In this final part we'll go over methods to generate, partition, compare and join collections. Once again, we'll be working a List imported from JSON. Here, you can aquire the data as well as learn how to import it into C#.
GENERATORS
Empty Collection
Let's kick things off with creating empty collections. This is one way to declare an empty Students collection:
var = Enumerable.Empty<Student>();
Alternatively you can do this too:
var emptyCollection = new List<Student>();
In this example, imagine you have to return an empty collection from a method. Here is one way to do it:
public IEnumerable<Student> GetStudents()
{
return Enumerable.Empty<Student>();
}
Or declare a new empty List when the return type is List<T>
:
public List<Student> GetStudents()
{
return new List<Student>();
}
If you're using .NET 8 or above you can reduce the number of steps by using a collection expression []
. This works both for IEnumerable<T>
and the List<T>
:
public IEnumerable<Student> GetStudents()
{
return [];
}
public List<Student> GetStudents()
{
return [];
}
This also works when declaring empty collections:
List<Student> emptyCollection = [];
Range
This operator is used to generate an IEnumerable for a specified range:
IEnumerable<int> fiveNumbers = Enumerable.Range(1, 5);
// [1, 2, 3, 4, 5]
We can also use Range
to generate a new collection of students:
IEnumerable<Student> newStudents = Enumerable.Range(1, 3).Select(count =>
{ // creates new Student for each count (1 - 3)
return new Student()
{
ID = count,
Name = "Placeholder",
Country = "Placeholder",
Age = count * 10
};
});
Repeat
The Repeat
operator generates a sequence that contains one repeated value. For example let's create 5 exact same students:
var repeatTimes = 5;
var csharpStudent = Enumerable.Repeat(new Student()
{
ID = 1,
Name = "C#",
Country = string.Empty
}, repeatTimes);
PARTITION
Take, TakeLast, TakeWhile
The Take
operator is used to limit the number of items in the collection.
IEnumerable<string> firstThreeNames = students.Select(s => s.Name).Take(3);
// ["Mirza", "Armin", "Alan"]
IEnumerable<string> lastThreeNames = students.Select(s => s.Name).TakeLast(3);
// ["Eddy", "Abdurahman", "Amy"]
If the number specified is greater than the number of elements in the collection, the Take
operator will trim the list at the last element (without throwing errors).
The TakeWhile
operator returns all the elements that satisfy the specified condition and skips the rest. In this example, we limit the collection to students under 20 years old.

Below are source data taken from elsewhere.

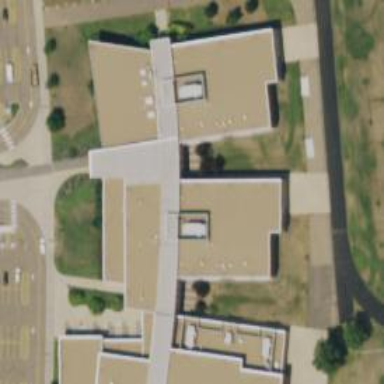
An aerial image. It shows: School building with school amenities.
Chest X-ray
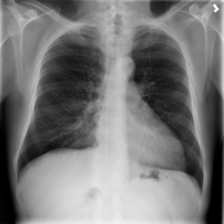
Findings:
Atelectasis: negative
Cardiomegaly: negative
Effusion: negative
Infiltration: negative
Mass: negative
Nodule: negative
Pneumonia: negative
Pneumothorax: negative
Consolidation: negative
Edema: negative
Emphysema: negative
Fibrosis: negative
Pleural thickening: negative
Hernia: negative
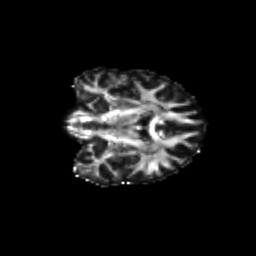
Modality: FA
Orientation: coronal
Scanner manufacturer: siemens
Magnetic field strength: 3 T
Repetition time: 9.2 s
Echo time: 0.084 s
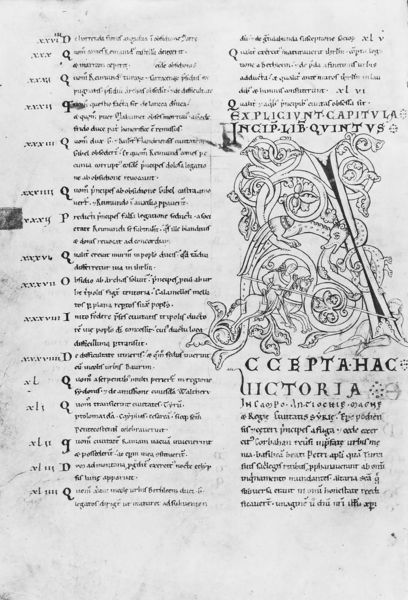
Titel: Chronik des 1. Kreuzzuges (Geschichte von Jerusalem)
Künstler: Albertus von Aachen
Institution: Berlin, Staatliche Museen - Preußischer Kulturbesitz
Schlagwörter: zeichnung, tier, mensch, pferd, reiter, engel, ranken, schrift, lanze, buch, text, buchstaben, buchseite, schnörkel, mittelalter, drachen, typografie, letter, handschrift, victoria, latein, römishc, matrikel
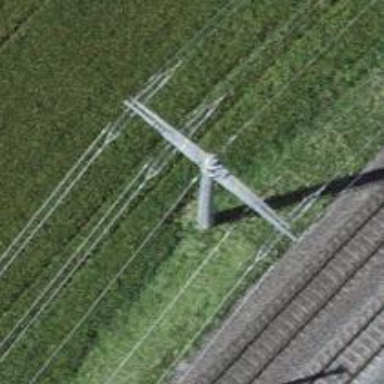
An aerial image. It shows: Concrete power pole.
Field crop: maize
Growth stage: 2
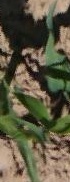
Species: maize
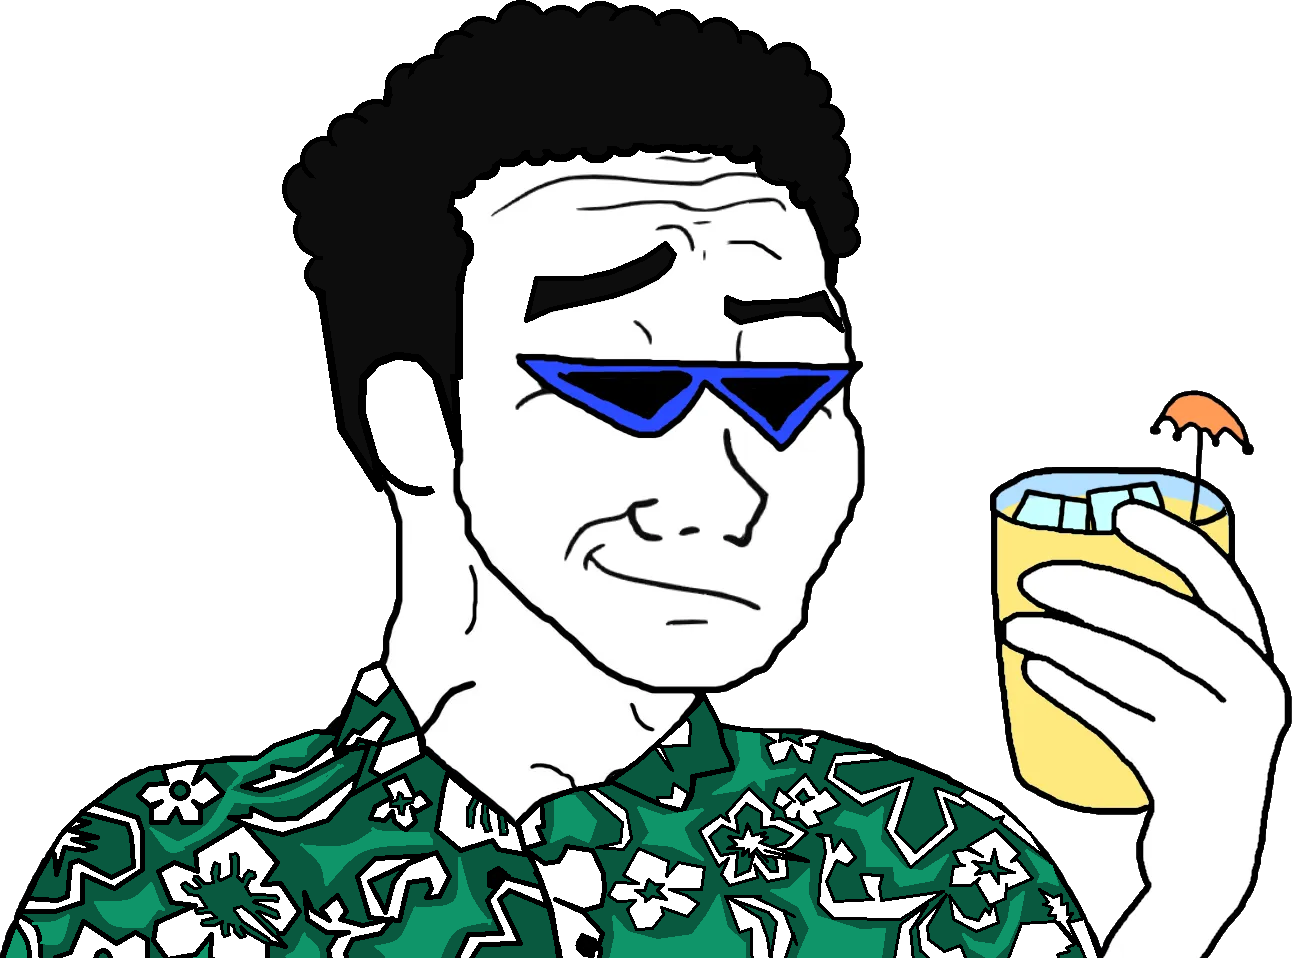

IEnumerable<string> teens = students
.OrderBy(s => s.Age) // order from youngest to oldest
.TakeWhile(s => s.Age < 20) // take younger than 20. ignore the rest
.Select(s => s.Name); // take only names
// ["Mirza", "Farook", "Alan", "Eddy", "Abdurahman"]
Skip, SkipLast, SkipWhile
The Skip
operator ignores all the elements until a point specified.
IEnumerable<string> lastFive = students.Skip(5).Select(s => s.Name);
// ["Raj", "Nihad", "Eddy", "Abdurahman", "Amy"] (remaining five)
IEnumerable<string> firstFive = students.SkipLast(5).Select(s => s.Name);
// ["Mirza", "Armin", "Alan", "Seid", "Farook"]
Here we're ignoring all the students that are under 20.
IEnumerable<string> teens = students
.OrderBy(s => s.Age)
.SkipWhile(s => s.Age < 20)
.Select(s => s.Name);
// ["Armin", "Raj", "Nihad", "Seid", "Amy"]
The Skip
and Take
operators are commonly used when creating API pagination.
EQUALITY
SequenceEqual
The SequenceEqual
operator is used to compare two collection to determine if they're equal or not. Let's demonstrate that with a simple example:
string[] countries = { "Bosnia", "UK", "Turkey" };
string[] countries2 = { "Bosnia", "UK", "Turkey" };
var isEqual = countries.SequenceEqual(countries2);
// true
If we'd change the order in either collection, the output would not evaluate to true.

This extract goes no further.